At the funeral for John Lewis, former president Bill Clinton disparaged Stokely Carmichael's (later Kwame Ture) leadership role in the black freedom struggle of the 1960s. "There were two or three years there where the movement went a little bit too far towards Stokely," Clinton said, "But in the end, John Lewis prevailed."

Dr. Peniel Joseph, professor at University of Texas at Austin and author of "Stokely: A Life", responds to Clinton's comments and discusses Carmichael/Ture's legacy as a black power revolutionary.

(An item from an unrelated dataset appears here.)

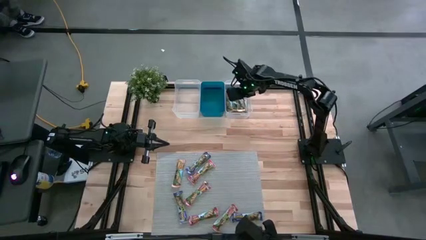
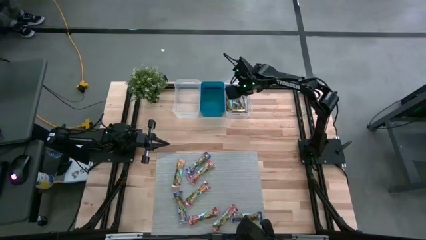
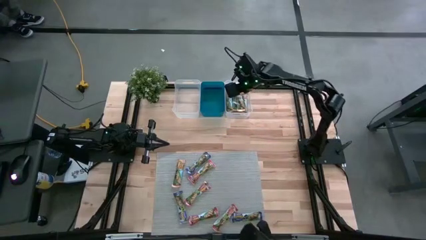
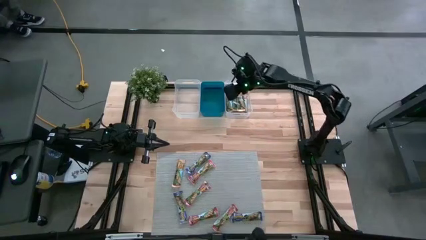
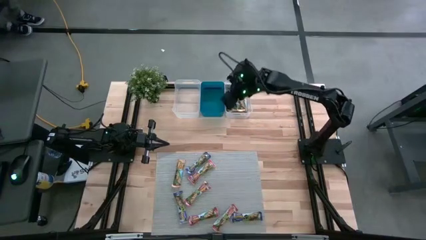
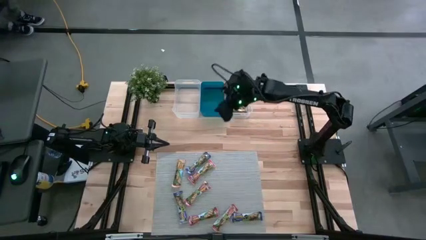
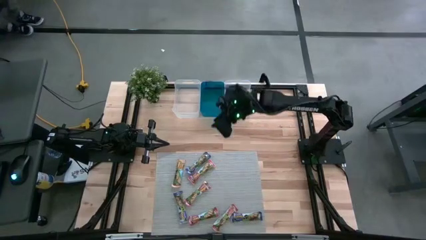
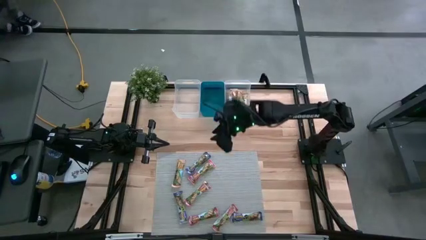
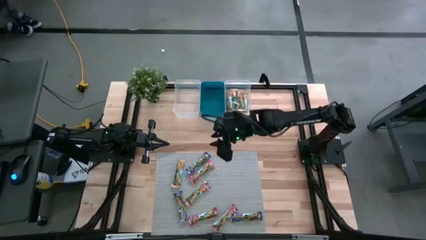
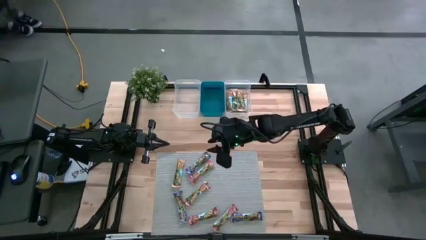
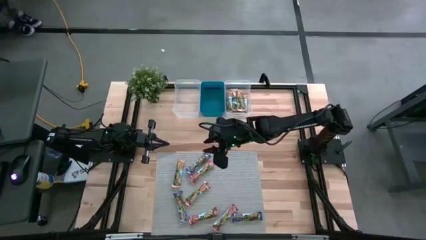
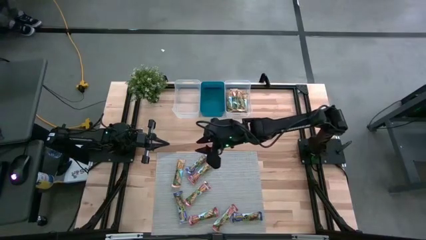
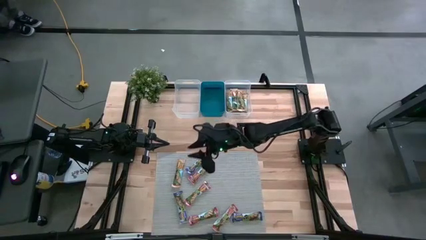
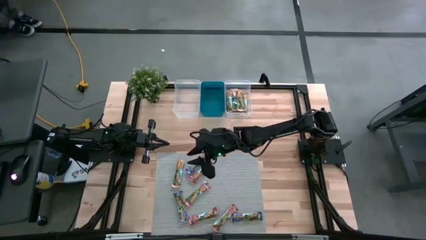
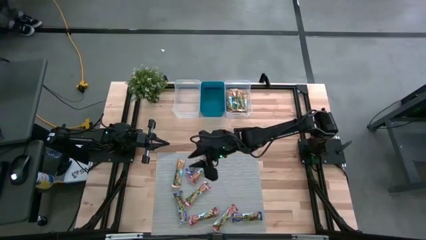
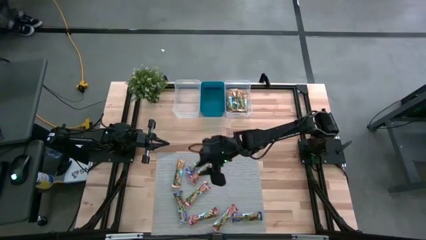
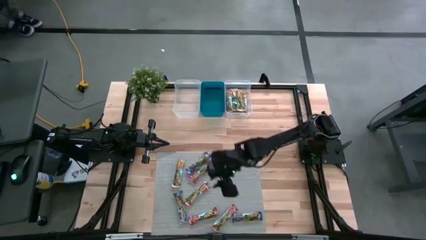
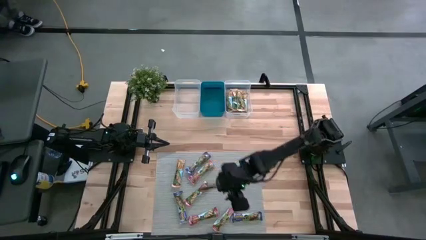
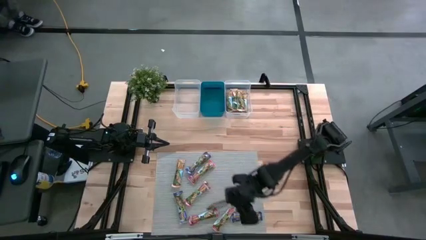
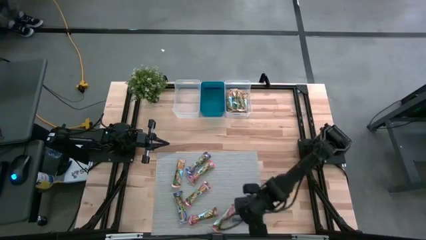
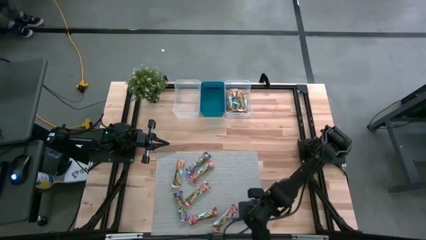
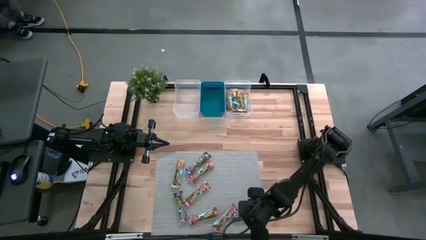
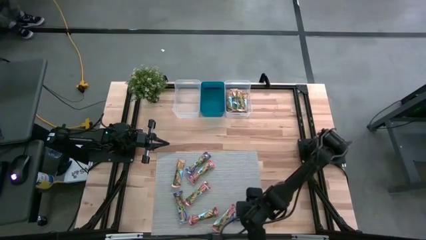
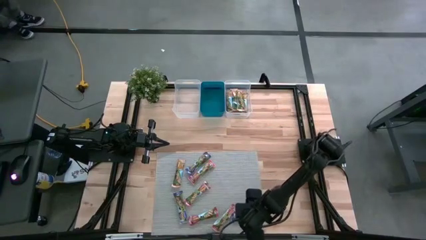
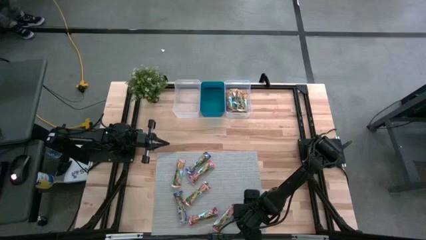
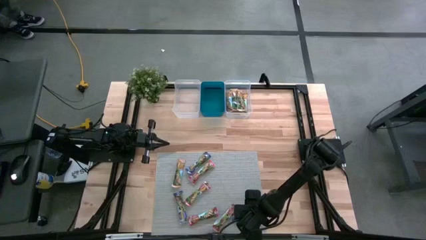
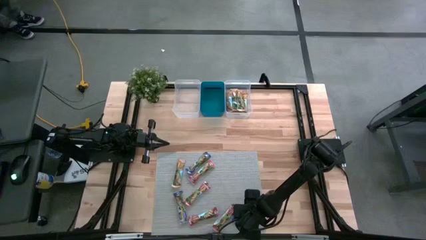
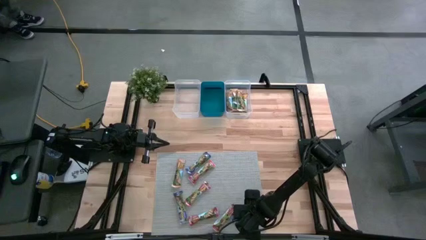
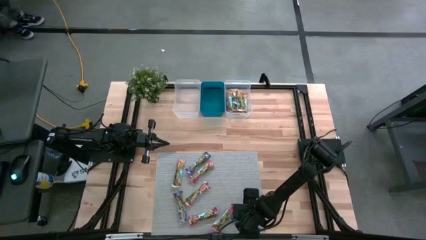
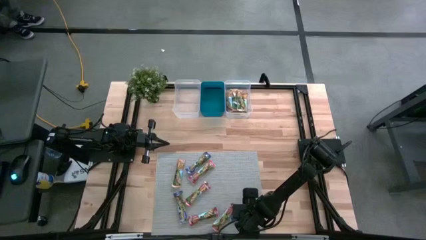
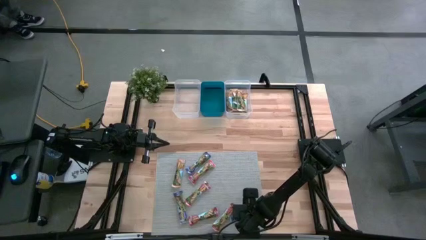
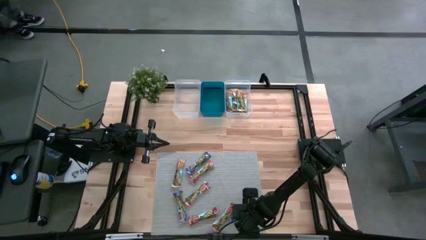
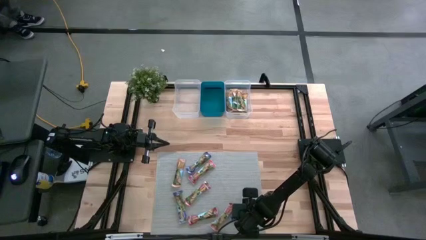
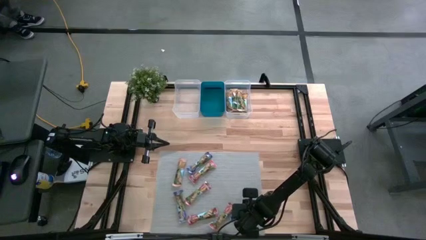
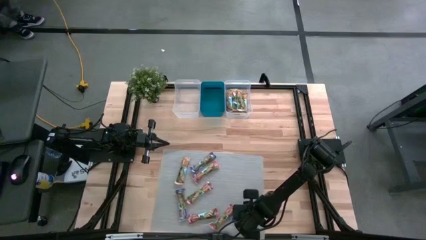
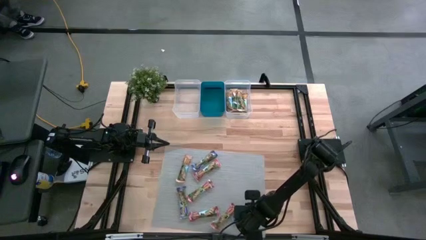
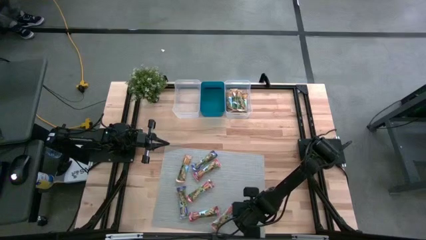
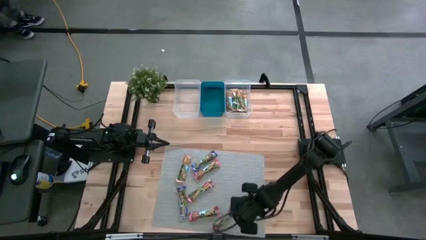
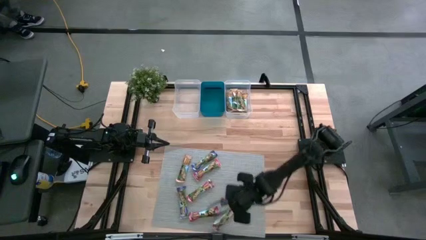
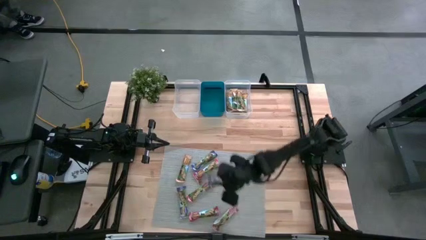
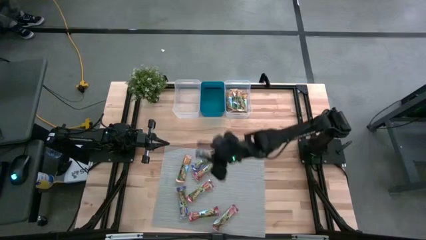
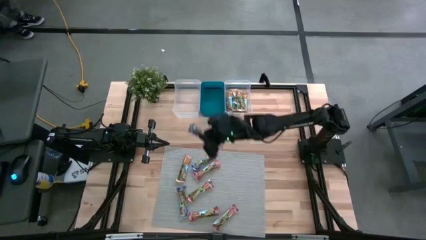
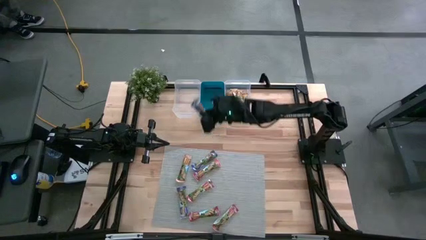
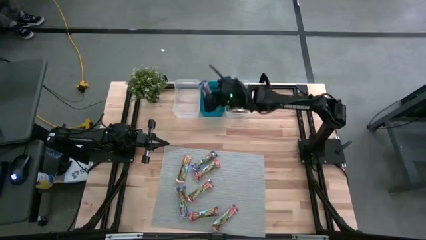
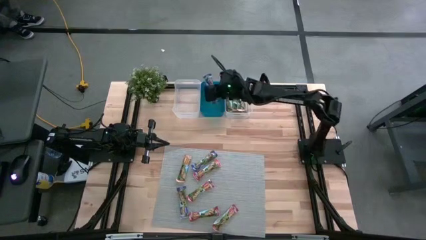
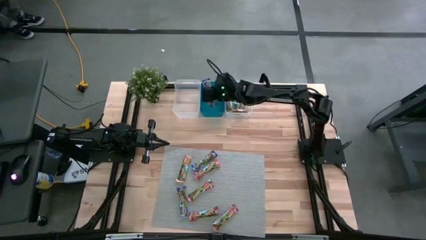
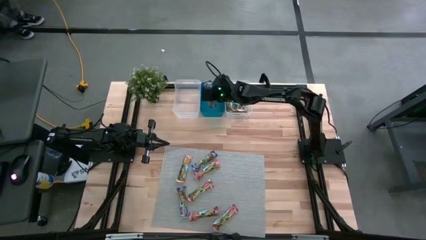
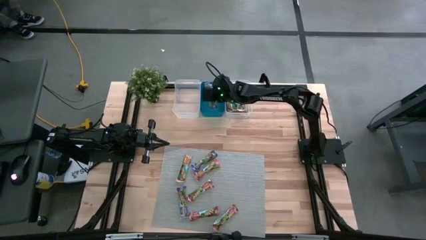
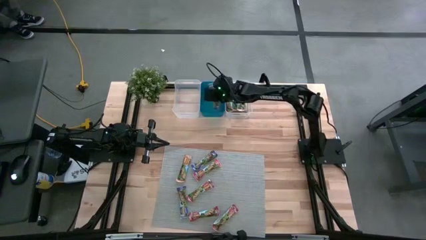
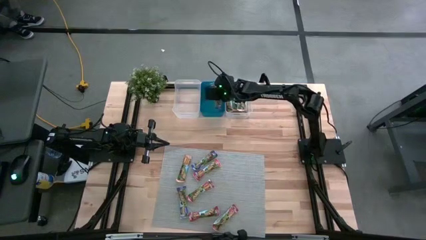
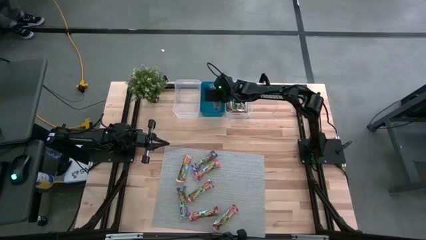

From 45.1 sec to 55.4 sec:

"Bill Clinton was a terrible president for black people," Dr. Jospeh says. "So the disparaging of Kwame Ture/Stokely Carmichael is really just another example of this kind of racism and patronizing attitude coming from the forces of political reaction that people like Bill Clinton represent." Carmichael meanwhile "exposed the depths of state-sanctioned violence against black bodies in the context of the 1960s, and exposed the moral and political hypocrisy of American democracy and fantasies of American exceptionalism."

Guest: Dr. Peniel Joseph, Barbara Jordan chair in ethics and political values at the LBJ School of Public Affairs at the University of Texas at Austin. Author of "Stokely: A Life" and his latest, "The Sword and the Shield: The Revolutionary Lives of Malcolm X and Martin Luther King Jr."